[Saved entries]
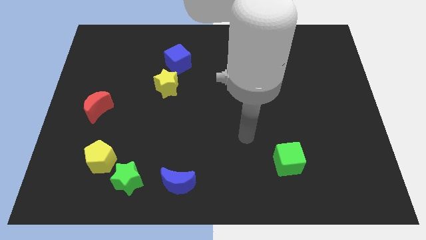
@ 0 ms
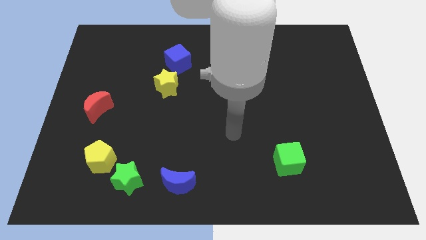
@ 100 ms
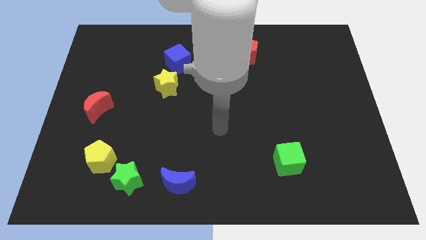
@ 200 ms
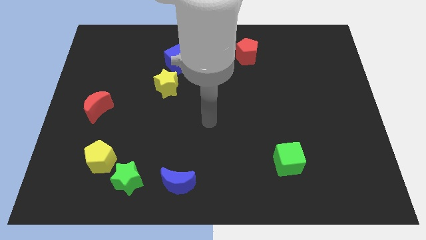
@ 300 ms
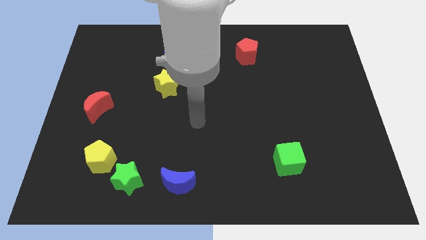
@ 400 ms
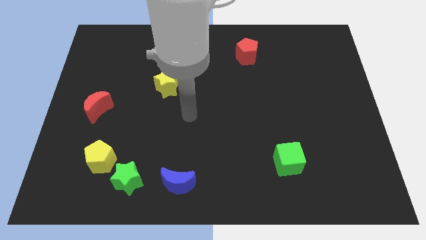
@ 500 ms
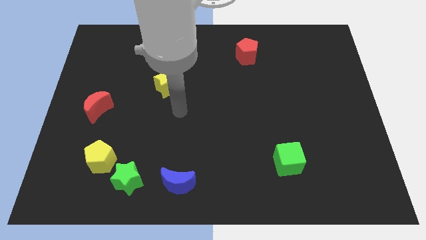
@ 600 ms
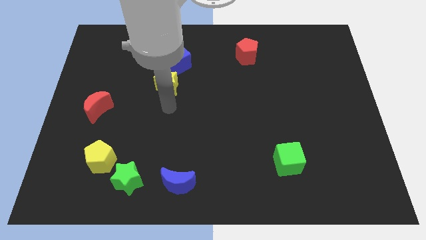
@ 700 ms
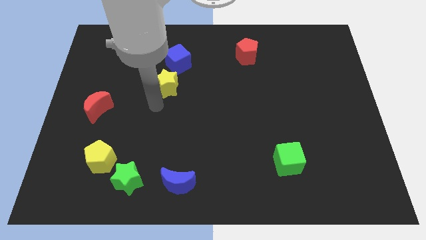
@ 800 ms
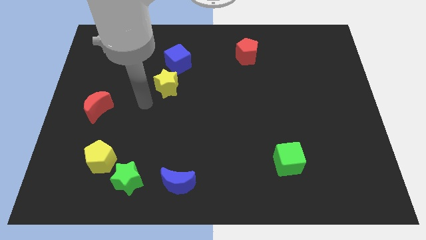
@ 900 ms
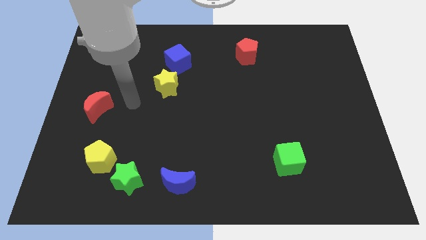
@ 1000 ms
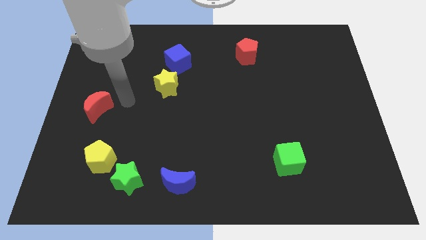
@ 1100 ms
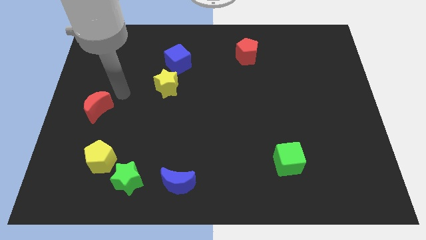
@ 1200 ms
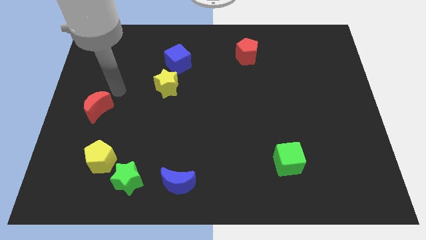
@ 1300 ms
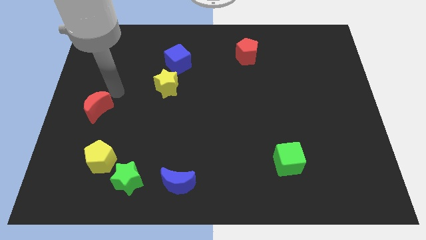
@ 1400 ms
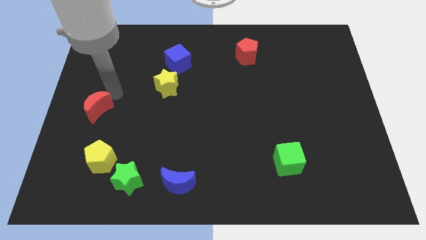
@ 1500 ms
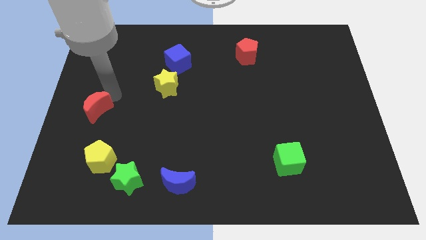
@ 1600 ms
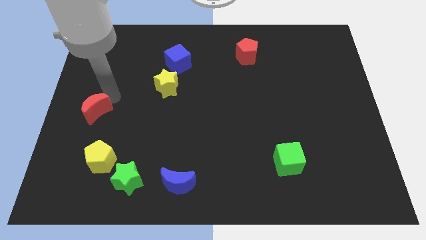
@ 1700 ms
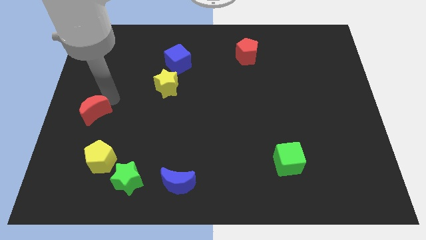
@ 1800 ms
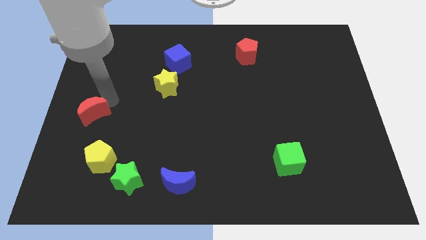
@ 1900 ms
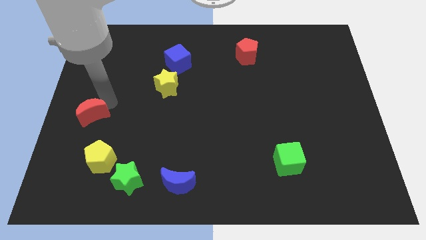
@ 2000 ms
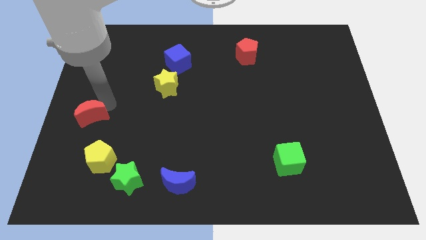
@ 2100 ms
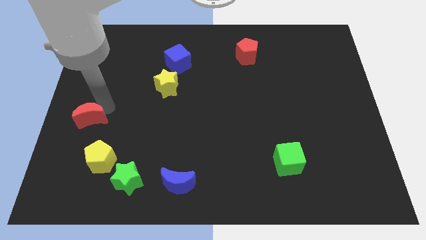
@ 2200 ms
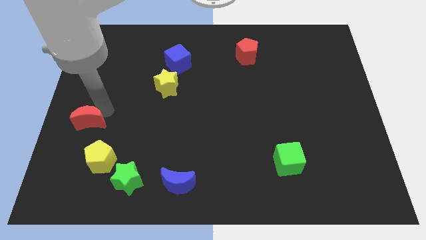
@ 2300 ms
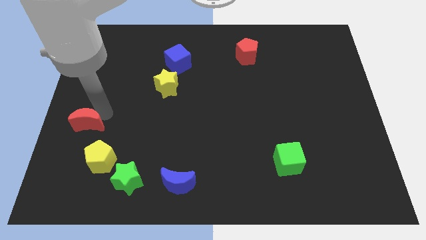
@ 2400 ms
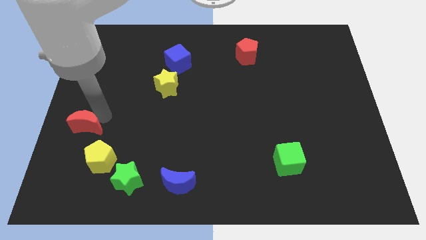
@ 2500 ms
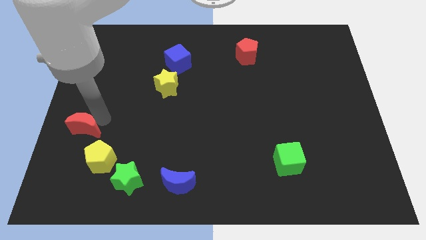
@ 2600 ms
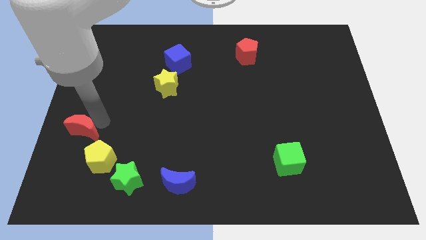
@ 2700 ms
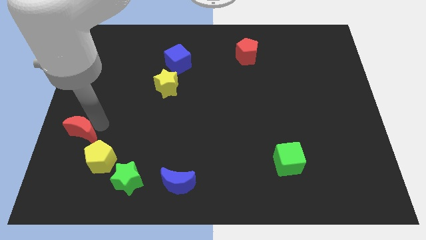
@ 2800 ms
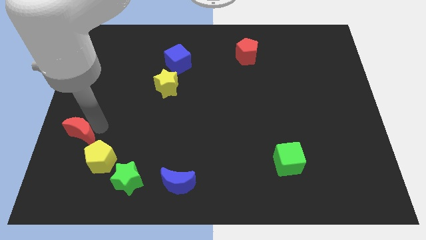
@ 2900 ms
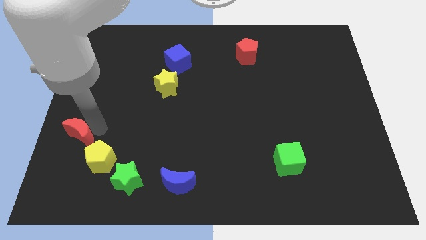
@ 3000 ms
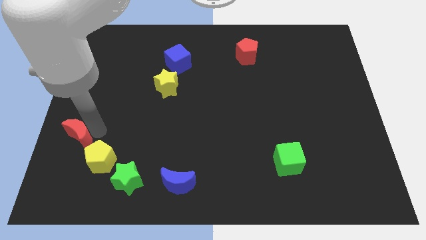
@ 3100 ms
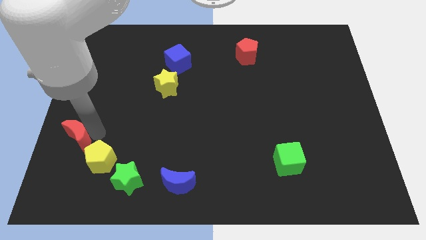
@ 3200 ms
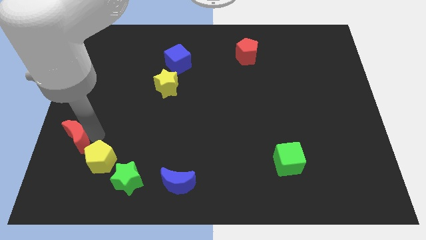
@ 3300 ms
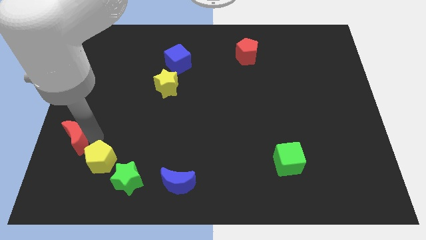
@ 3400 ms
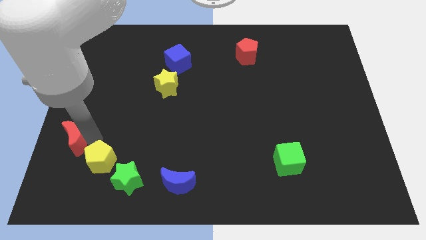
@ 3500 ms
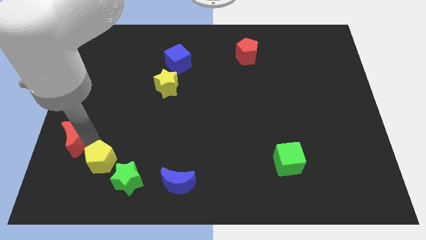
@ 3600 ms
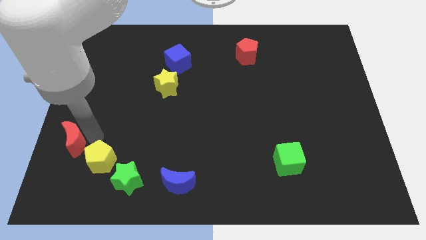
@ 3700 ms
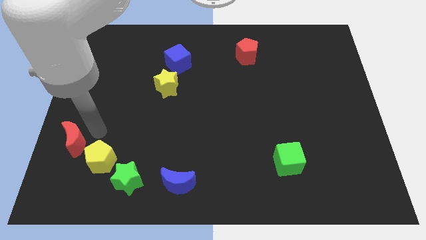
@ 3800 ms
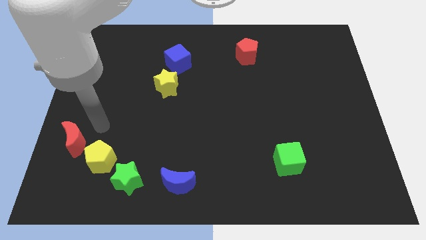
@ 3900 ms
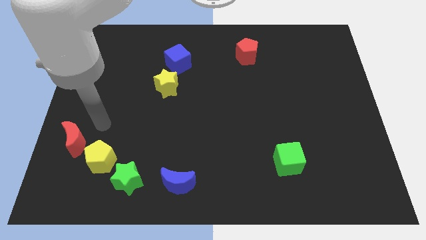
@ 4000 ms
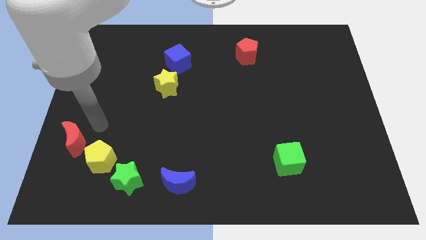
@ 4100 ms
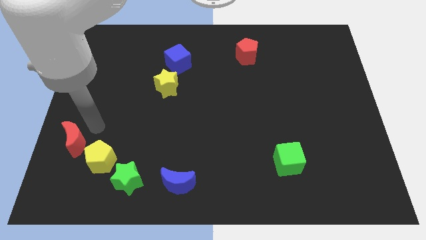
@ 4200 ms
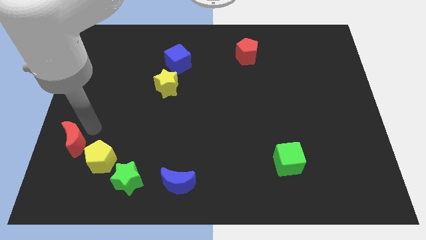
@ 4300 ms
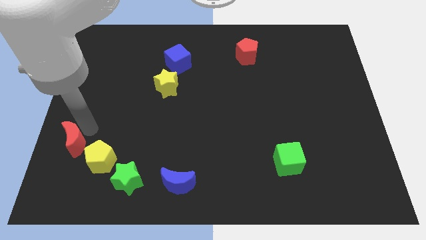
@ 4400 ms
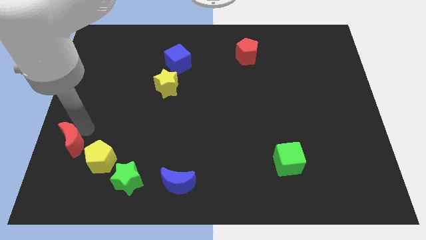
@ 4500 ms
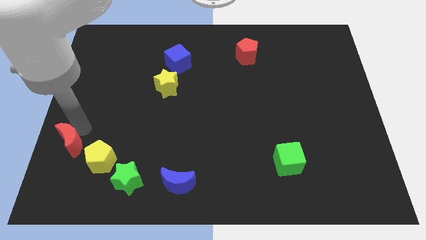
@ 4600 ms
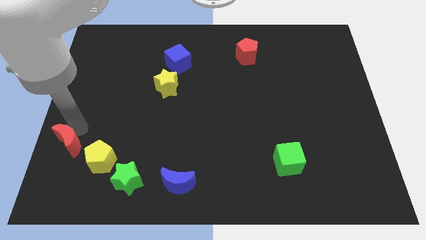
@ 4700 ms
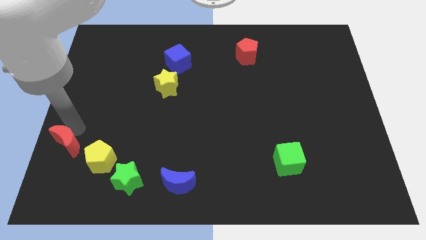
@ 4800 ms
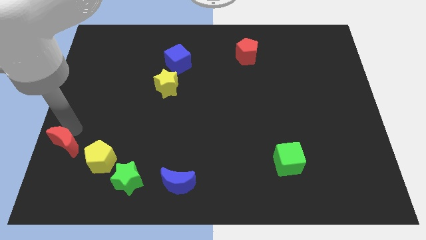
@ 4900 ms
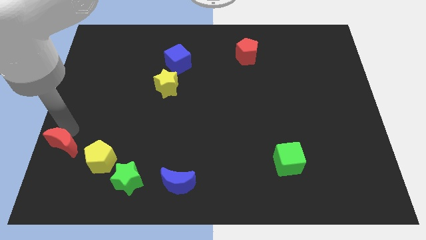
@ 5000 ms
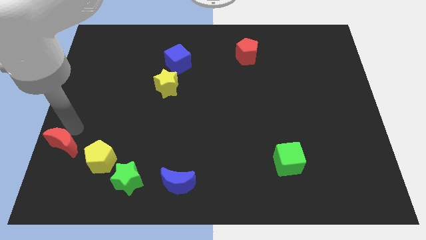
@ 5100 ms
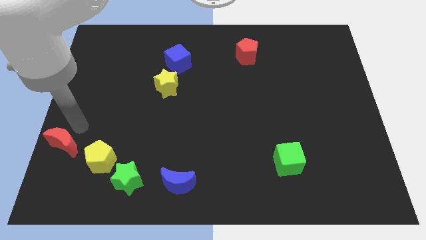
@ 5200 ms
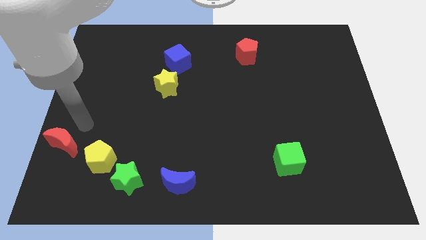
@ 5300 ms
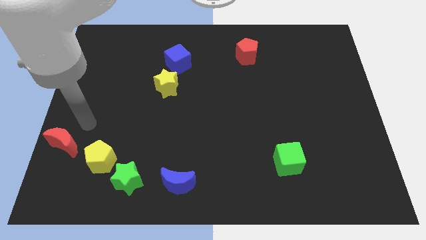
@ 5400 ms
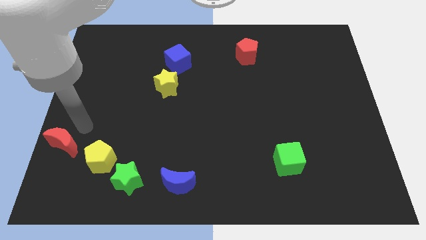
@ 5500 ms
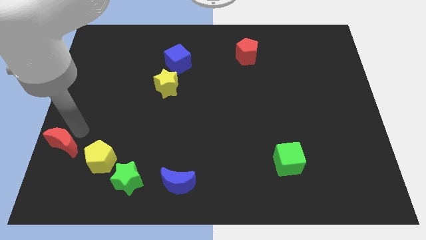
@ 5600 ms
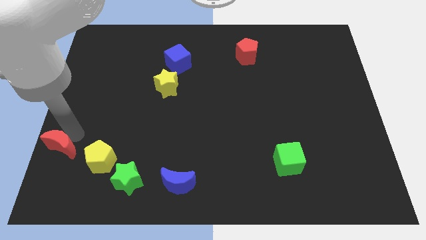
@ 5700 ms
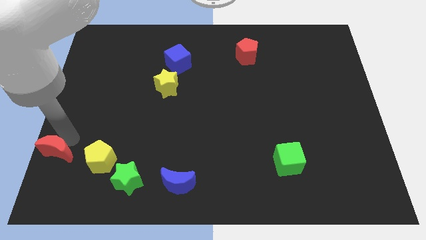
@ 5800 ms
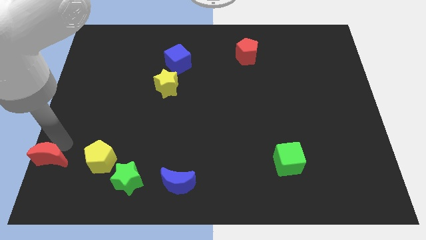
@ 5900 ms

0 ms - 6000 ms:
slide the red moon to the bottom left corner

▸ Task to carry out
Repeat the records exactly, without the pictures.

▸ Task result
@ 0 ms
@ 100 ms
@ 200 ms
@ 300 ms
@ 400 ms
@ 500 ms
@ 600 ms
@ 700 ms
@ 800 ms
@ 900 ms
@ 1000 ms
@ 1100 ms
@ 1200 ms
@ 1300 ms
@ 1400 ms
@ 1500 ms
@ 1600 ms
@ 1700 ms
@ 1800 ms
@ 1900 ms
@ 2000 ms
@ 2100 ms
@ 2200 ms
@ 2300 ms
@ 2400 ms
@ 2500 ms
@ 2600 ms
@ 2700 ms
@ 2800 ms
@ 2900 ms
@ 3000 ms
@ 3100 ms
@ 3200 ms
@ 3300 ms
@ 3400 ms
@ 3500 ms
@ 3600 ms
@ 3700 ms
@ 3800 ms
@ 3900 ms
@ 4000 ms
@ 4100 ms
@ 4200 ms
@ 4300 ms
@ 4400 ms
@ 4500 ms
@ 4600 ms
@ 4700 ms
@ 4800 ms
@ 4900 ms
@ 5000 ms
@ 5100 ms
@ 5200 ms
@ 5300 ms
@ 5400 ms
@ 5500 ms
@ 5600 ms
@ 5700 ms
@ 5800 ms
@ 5900 ms

0 ms - 6000 ms:
slide the red moon to the bottom left corner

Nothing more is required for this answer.